Shepherd 说,过去,安全在 Jones Lang LaSalle 是孤立的,因此当前的重点是建立技术,使安全团队能够更好地了解整个环境。
Aptiv 的重点略有不同,因为该公司正在寻求采用能够带来更高安全效率和质量的技术,更加关注 安全访问服务边缘 (SASE),库尼亚说。 Aptiv 还投资于其制造工厂的运营技术安全。 两种类型的安全都有很多不同的供应商,Cunha 的目标是更好地整合技术和供应商解决方案。 编排和自动化工具在集成安全工具方面发挥着非常重要的作用。
数据驱动安全之路
就 Aptiv 的 Cunha 而言,如果没有可靠的数据分析,就无法实现编排和自动化。 Cunha 说,工程团队使用数据分析来改进安全工具,为 SOC 带来搜索功能。 Cunha 的团队执行自己的数据分析,而不是依赖于平台。
Like automation, data analytics is still in the early stages at JLL, but the data is still useful, Shepherd says. JLL uses analytics to help determine what’s happening on the perimeter, he says.
McClure 说,数据分析用于控制覆盖范围和控制效率,因为它有助于 Sinclair 了解需要保护的业务和资产。
最大的安全问题
勒索软件是让 Shepherd 彻夜难眠的威胁。 他说,这是仲量联行最担心的问题,因为它会扰乱业务运营。
Aptiv 的 Cunha 担心的是影响数据责任和组织声誉的威胁,他说。 虽然网络钓鱼是一种常见的攻击媒介,但 Cunha 还必须应对针对运营技术的鲜为人知的威胁。
For McClure, ransomware and cybercrime are the biggest concerns, but he points out that cyber threats have not become more sophisticated. Instead, he thinks the barrier to entry for attackers has gotten lower, which is why there are more attacks.
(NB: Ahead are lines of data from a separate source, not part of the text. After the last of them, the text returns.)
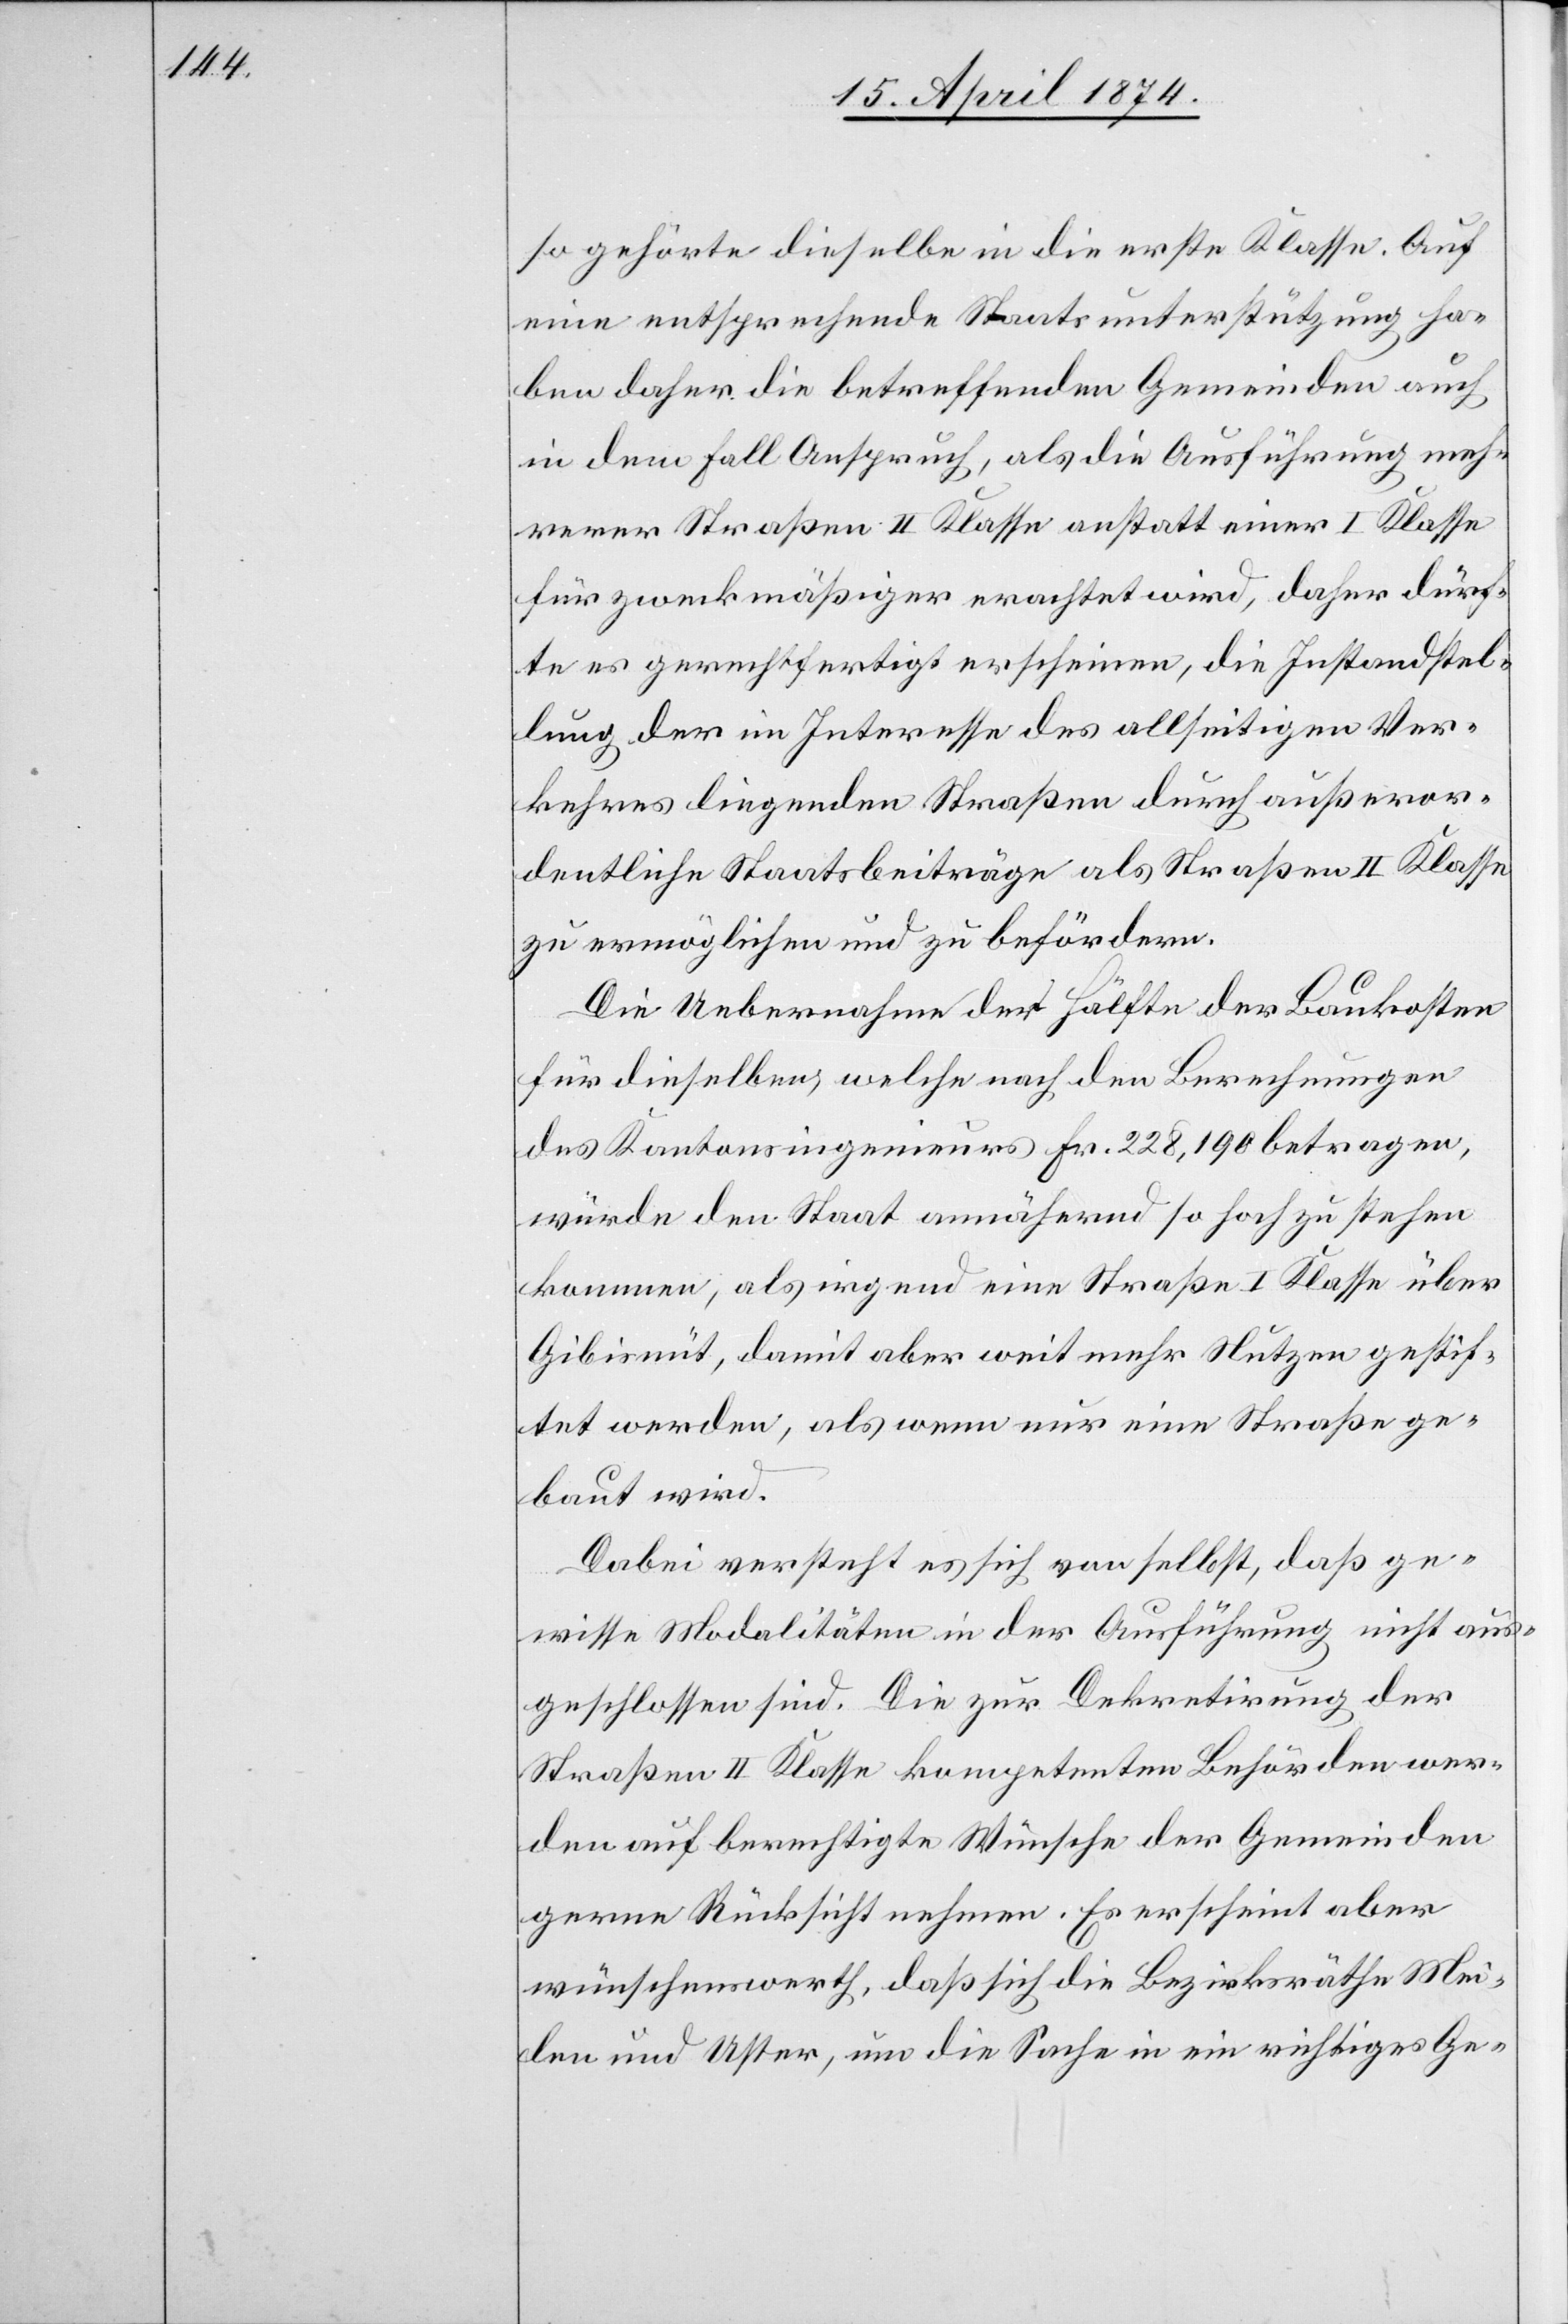
so gehörte dieselbe in die erste Klasse. Auf
eine entsprechende Staatsunterstützung ha¬
ben daher die betreffenden Gemeinden auch
in dem Fall Anspruch, als die Ausführung meh¬
rerer Straßen II. Klasse anstatt einer I. Klasse
für zweckmäßiger erachtet wird, daher dürf¬
te es gerechtfertigt erscheinen, die Instandstel¬
lung der im Interesse des allseitigen Ver¬
kehres liegenden Straßen durch außeror¬
dentliche Staatsbeiträge als Straßen II. Klasse
zu ermöglichen und zu befördern.
Die Uebernahme der Hälfte der Baukosten
für dieselben, welche nach den Berechnungen
des Kantonsingenieurs Fr. 228,190 betragen,
würde den Staat annähernd so hoch zu stehen
kommen, als irgend eine Straße I. Klasse über
Gibisnüt, damit aber weit mehr Nutzen gestif¬
tet werden, als wenn nur eine Straße ge¬
baut wird.
Dabei versteht es sich von selbst, daß ge¬
wisse Modalitäten in der Ausführung nicht aus¬
geschlossen sind. Die zur Dekretirung der
Straßen II. Klasse kompetenten Behörden wer¬
den auf berechtigte Wünsche der Gemeinden
gerne Rücksicht nehmen. Es erscheint aber
wünschenswerth, daß sich die Bezirksräthe Mei¬
len und Uster, um die Sache in ein richtiges Ge-

The attack vectors themselves, he says, haven’t changed much over the years, and cybercriminals are using the same methods to get into the system.
The volume of attacks is the greater challenge for organizations, McClure says, not increased sophistication in attacks.